* [Exercise directions]: Keep the wording of each record exactly the same when you repeat it, and leave out pictures.

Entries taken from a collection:
Segment Open

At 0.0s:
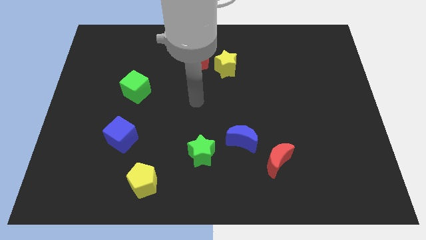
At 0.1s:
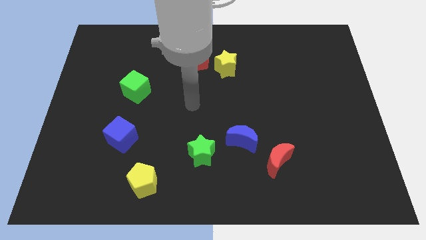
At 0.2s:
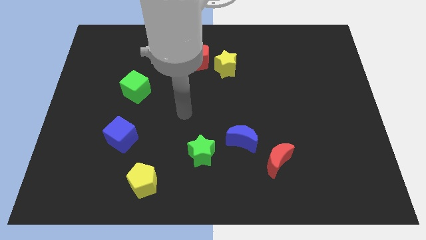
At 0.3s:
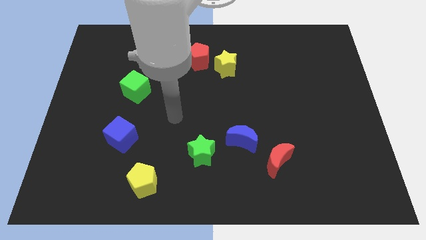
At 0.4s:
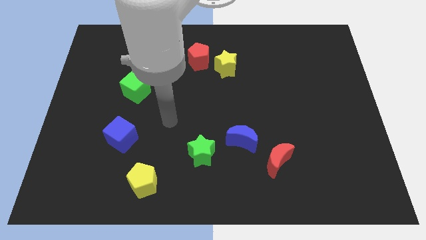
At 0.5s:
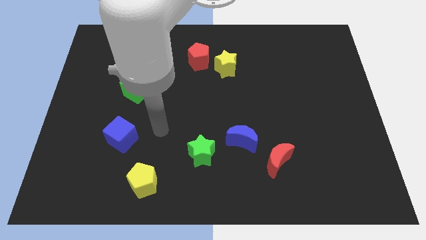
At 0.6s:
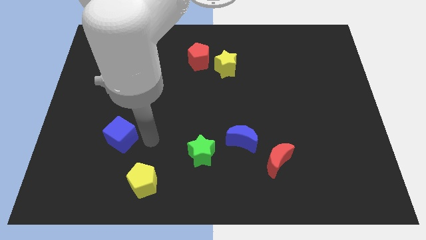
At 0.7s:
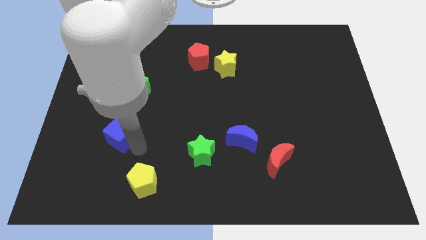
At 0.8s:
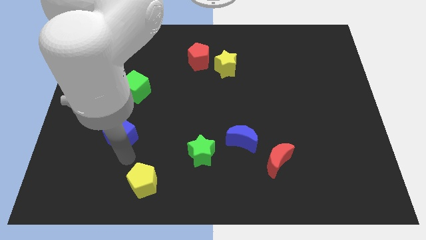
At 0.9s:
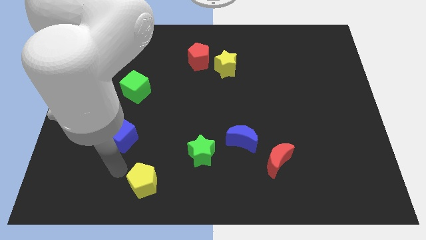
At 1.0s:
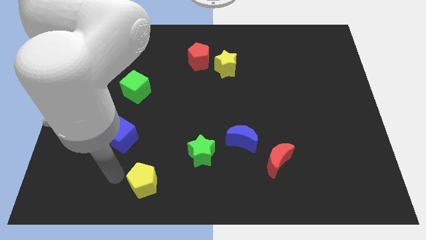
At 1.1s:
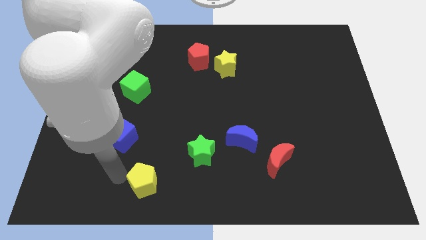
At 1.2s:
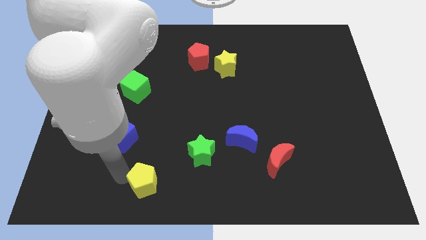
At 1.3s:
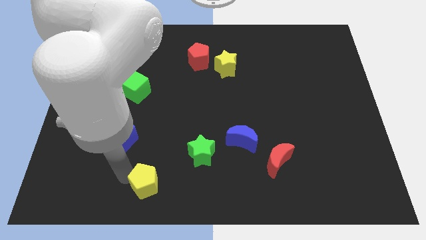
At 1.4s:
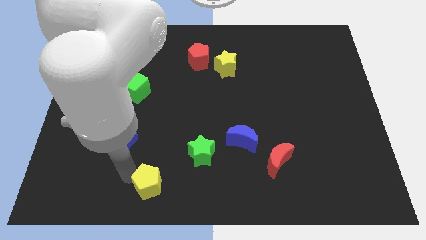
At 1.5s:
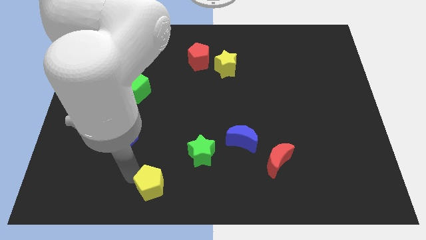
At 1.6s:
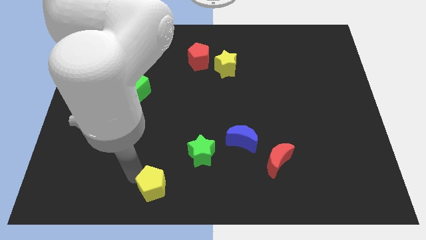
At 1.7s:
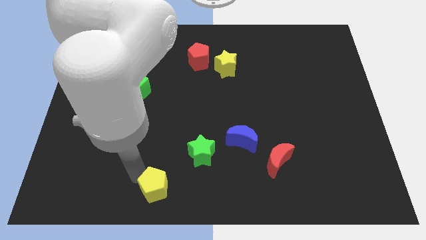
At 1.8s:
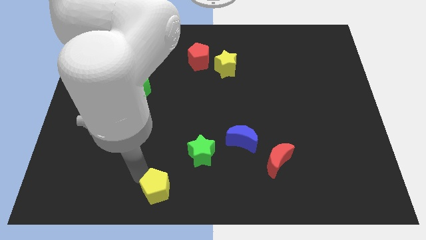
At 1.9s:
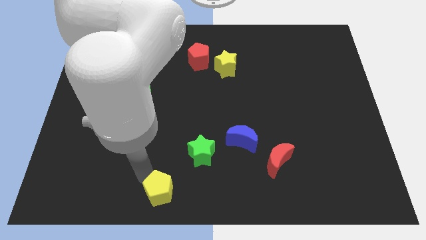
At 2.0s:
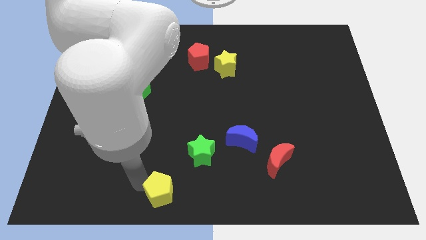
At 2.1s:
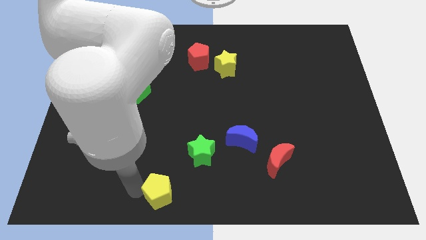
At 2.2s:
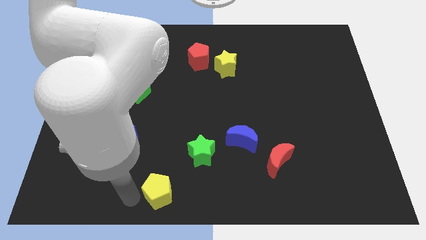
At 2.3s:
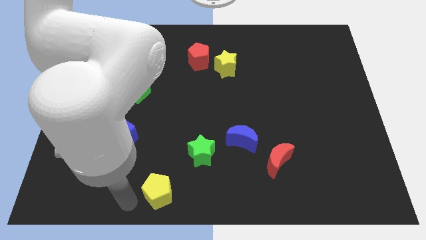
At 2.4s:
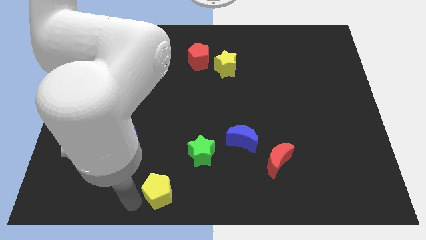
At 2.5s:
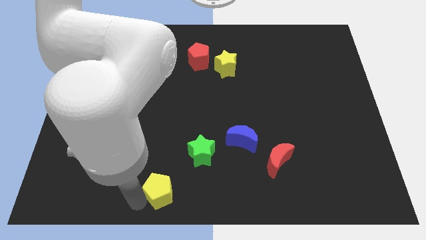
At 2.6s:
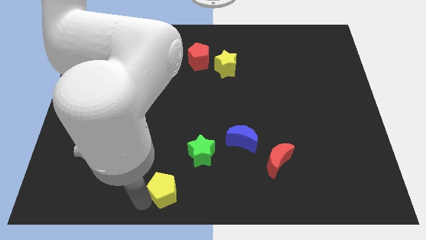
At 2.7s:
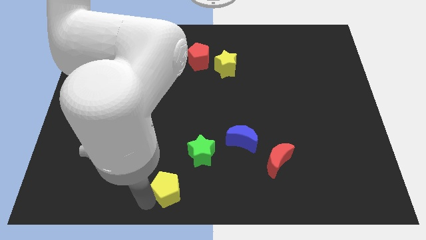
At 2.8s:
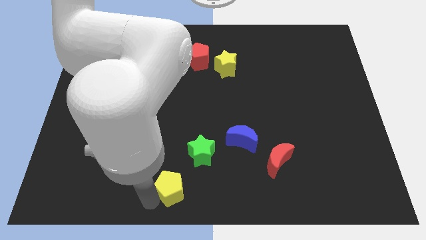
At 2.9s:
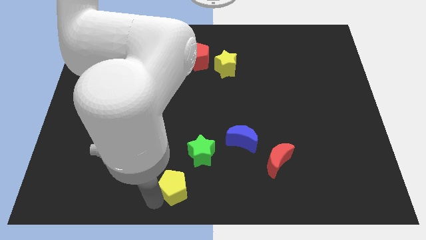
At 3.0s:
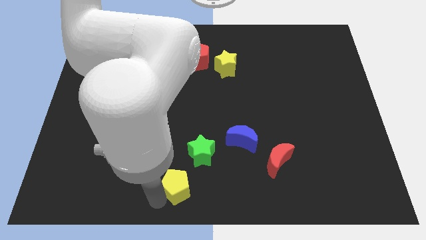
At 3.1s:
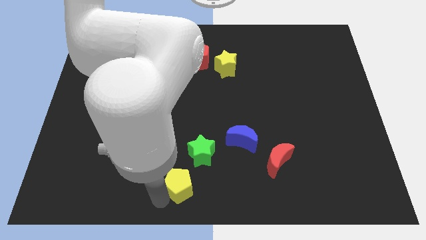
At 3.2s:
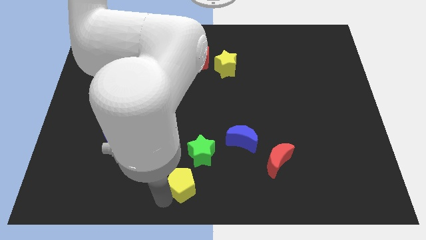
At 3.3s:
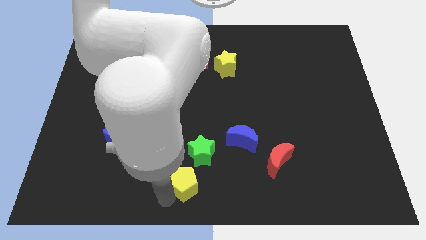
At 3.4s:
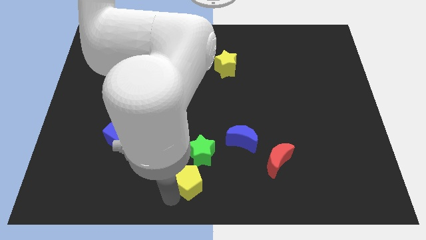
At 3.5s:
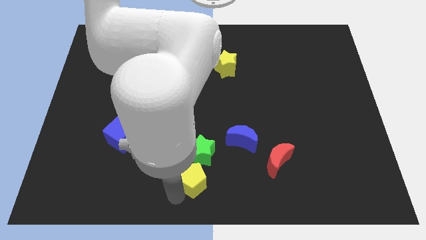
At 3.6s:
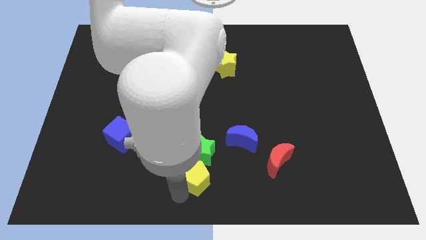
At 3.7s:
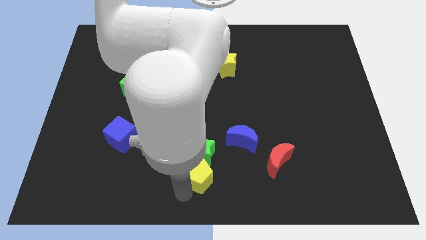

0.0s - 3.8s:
move the yellow pentagon to the bottom left side of the blue moon

Segment Closed

* [Output of the exercise]:
At 0.0s:
At 0.1s:
At 0.2s:
At 0.3s:
At 0.4s:
At 0.5s:
At 0.6s:
At 0.7s:
At 0.8s:
At 0.9s:
At 1.0s:
At 1.1s:
At 1.2s:
At 1.3s:
At 1.4s:
At 1.5s:
At 1.6s:
At 1.7s:
At 1.8s:
At 1.9s:
At 2.0s:
At 2.1s:
At 2.2s:
At 2.3s:
At 2.4s:
At 2.5s:
At 2.6s:
At 2.7s:
At 2.8s:
At 2.9s:
At 3.0s:
At 3.1s:
At 3.2s:
At 3.3s:
At 3.4s:
At 3.5s:
At 3.6s:
At 3.7s:

0.0s - 3.8s:
move the yellow pentagon to the bottom left side of the blue moon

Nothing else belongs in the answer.